Rui Caçador

Personal information
- Full name: Rui Manuel dos Santos Caçador
- Date of birth: 29 October 1953 (age 72)
- Place of birth: Viseu, Portugal

Team information
- Current team: Portugal (coordinateur sportif)

Managerial career
- Years: Team
- 1984–1985: Maxaquene
- 1986–1987: Benfica U-19
- 1987–1988: Costa do Sol
- 1989–1991: Portugal U-20
- 1993–1996: Portugal (assistant manager)
- 1996–1996: Mozambique
- 1996–1998: Portugal U-21 (assistant manager)
- 1998–2001: Portugal (assistant manager)
- 2001–2002: Portugal U-20
- 2002–2002: Portugal (assistant manager)
- 2002–2005: Portugal U-20
- 2007–2009: Portugal U-21
- 2009-: Portugal (coordinateur sportif)

= Rui Caçador =

Portuguese football manager

Rui Manuel dos Santos Caçador (born 29 October 1953) is a Portuguese football manager. He is without a club.

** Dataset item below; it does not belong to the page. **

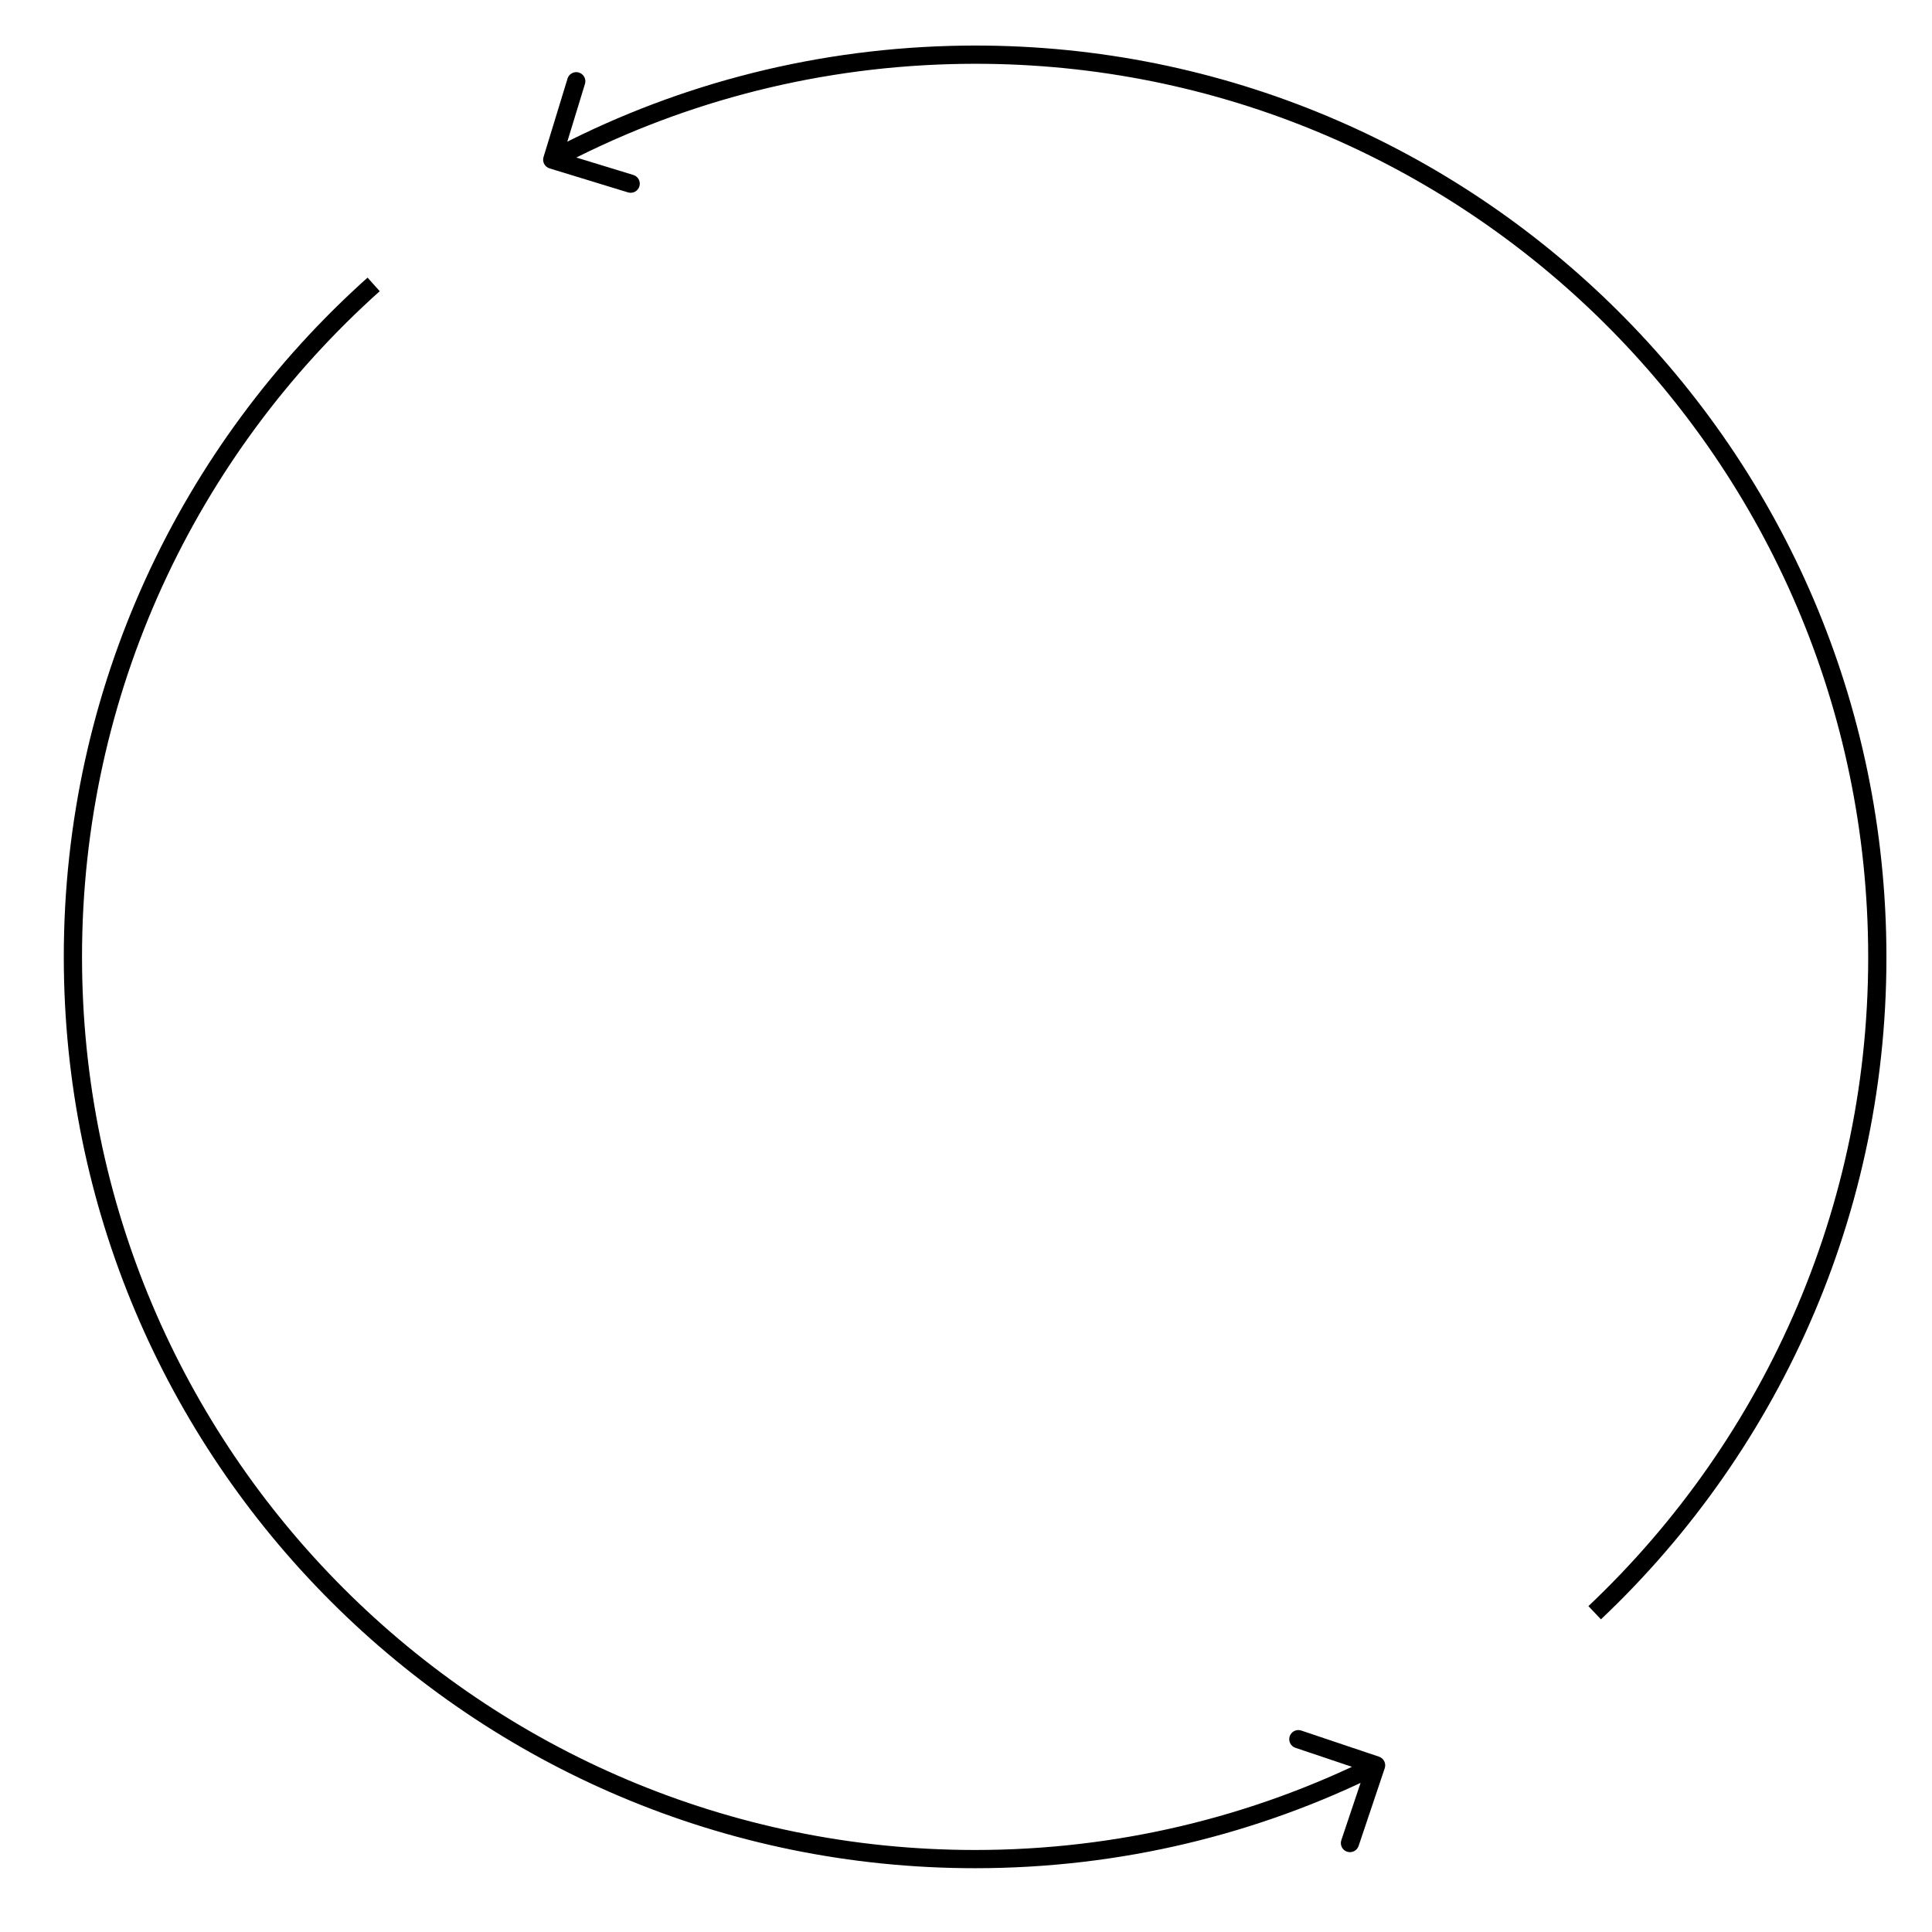<svg xmlns="http://www.w3.org/2000/svg" width="106" height="106" viewBox="0 0 106 106" fill="none"><path d="M75.974 97.014C76.062 96.752 75.921 96.469 75.659 96.381L71.394 94.947C71.132 94.859 70.848 95 70.76 95.262C70.672 95.524 70.813 95.807 71.075 95.895L74.867 97.169L73.593 100.961C73.505 101.223 73.645 101.506 73.907 101.594C74.169 101.682 74.453 101.541 74.54 101.28L75.974 97.014ZM53.5 101.5C26.438 101.5 4.5 79.562 4.5 52.5H3.5C3.5 80.114 25.886 102.5 53.5 102.5V101.5ZM4.5 52.5C4.5 37.988 10.808 24.95 20.834 15.977L20.166 15.232C9.938 24.386 3.5 37.692 3.5 52.5H4.5ZM75.278 96.407C68.718 99.667 61.324 101.5 53.5 101.5V102.5C61.482 102.5 69.028 100.629 75.722 97.302L75.278 96.407Z" fill="black"></path><path d="M29.821 8.615C29.74 8.879 29.889 9.158 30.153 9.239L34.456 10.556C34.72 10.637 35 10.488 35.081 10.224C35.161 9.96 35.013 9.68 34.749 9.6L30.924 8.429L32.094 4.604C32.175 4.34 32.026 4.061 31.762 3.98C31.498 3.899 31.219 4.048 31.138 4.312L29.821 8.615ZM52.165 3.518C79.216 2.781 101.744 24.113 102.481 51.165L103.481 51.138C102.729 23.534 79.741 1.766 52.137 2.518L52.165 3.518ZM102.481 51.165C102.877 65.672 96.926 78.877 87.149 88.12L87.836 88.846C97.811 79.416 103.884 65.941 103.481 51.138L102.481 51.165ZM30.534 9.203C37.002 5.765 44.344 3.731 52.165 3.518L52.137 2.518C44.159 2.736 36.666 4.811 30.065 8.32L30.534 9.203Z" fill="black"></path></svg>

Rui Caçador has had many managed many clubs and national teams. He has had several roles in the national team, which include the Portuguese under-20 team — managing them on three occasions — the Portuguese under-21 team — managing them once — and assistant manager of Portuguese senior team, in which he served on three occasions.

Caçador has also managed Maxaquene, Benfica's under-19, Costa do Sol, and the Mozambican national team. As the Portuguese under-20 team manager, he discovered the talents of many Portuguese football legends, which include Rui Costa, João Pinto, Capucho, and Luís Figo.